Philadelphia, PA -- An estimated 41,000 new cases of primary brain tumors are expected to be diagnosed in 2004, according to the American Brain Tumor Association. To further narrow the gap between diagnosis and effective therapy, physicians at the University of Pennsylvania Health System now offer several promising approaches to brain tumor treatment, including novel imaging for oncologic neurosurgery and refined genetic testing for tumors to better target treatment.
Through enhanced magnetic resonance imaging (MRI), newer and broader information is helping to better guide tumor removal. MRI is used to measure the anatomy and metabolism of tumors. This informs surgeons pre- and post-operatively with a three-dimensional map of tumor-associated blood flow to more precisely assess the full extent of tumor growth versus conventional imaging methods. "This novel approach helps guide surgery and assessment of treatment response," says Donald M. O'Rourke, M.D., Associate Professor of Neurosurgery. These novel imaging methods are leading to increased patient survival by allowing for greater tumor removal in a safe manner.

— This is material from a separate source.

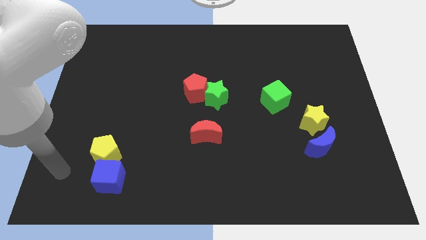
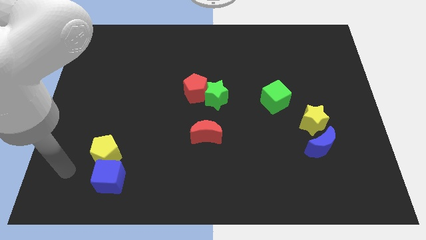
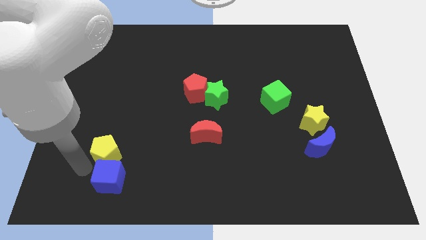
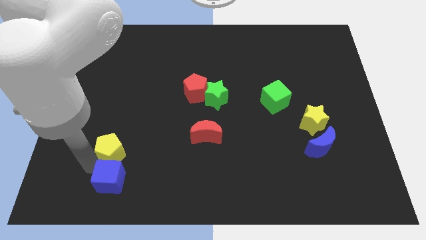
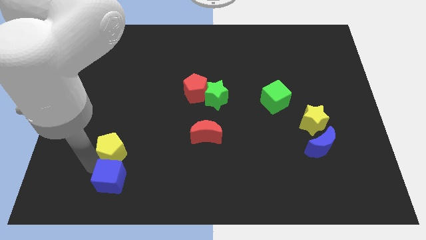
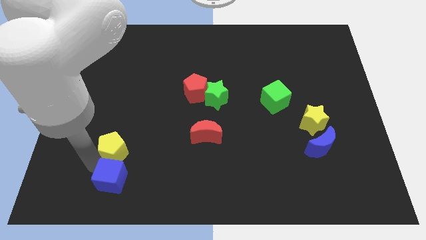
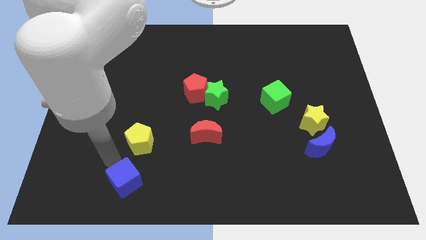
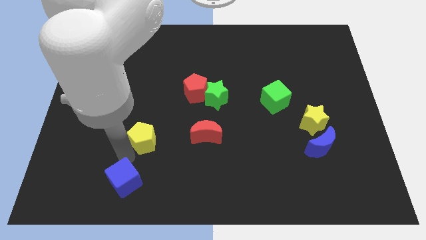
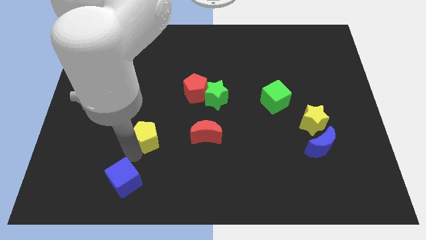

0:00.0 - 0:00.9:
place yellow pentagon parallel left to red moon
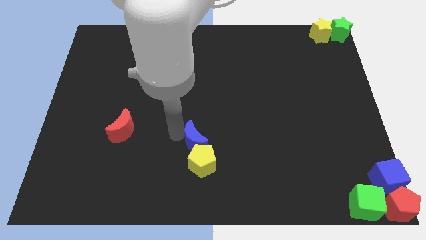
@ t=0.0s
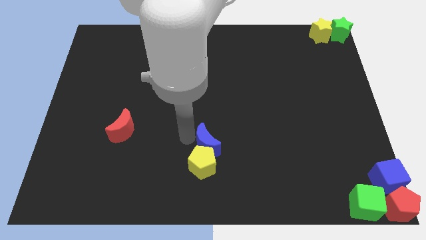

Neuroscientists are also ushering in a new era in which genetics will dictate treatment. In the 1990s researchers noted that a more favorable prognosis in patients with certain brain tumors, primarily oligodendrogliomas, was associated with a deletion of genes on chromosomes 1 and 19. This genetic loss translates into a significant life-expectancy gain for some patients and is therefore a robust predictor that post-surgery chemotherapy should be given to such patients.
Patients with the genetic deletion on chromosome 1 have a median survival in certain cases of about 10 years and respond particularly well to chemotherapy given immediately after surgery. Patients with the deletion have slower-growing tumors and show a better response to chemotherapy; whereas, those without the deletion have relatively faster-growing tumors and are less responsive to chemotherapy, so radiation therapy is required sooner. "Given the expected increase in the life-span of patients with this deletion, there is no need to give radiation therapy early in their treatment," explains O'Rourke.
The deletion can only be detected by genetic analysis. "Under the microscope these tumors can look identical, so there's no way of knowing the difference unless a genetic analysis is performed," explains O'Rourke.
Having the ability to provide such genetic testing to determine treatment is of benefit to patients. "The idea of using a genetic test to predict prognosis and select therapy, thereby deferring potentially deleterious treatment is tremendously attractive," says O'Rourke. "Penn's genetic testing is done in-house, so patients don't have to wait for the results." Further, there is no cost to the patient at this point since the tests are performed by the Neuro-oncology Program and supported by the Abramson Cancer Center at Penn. In addition, there is no requirement for additional blood samples, so results will be given more quickly with no need for follow-up visits.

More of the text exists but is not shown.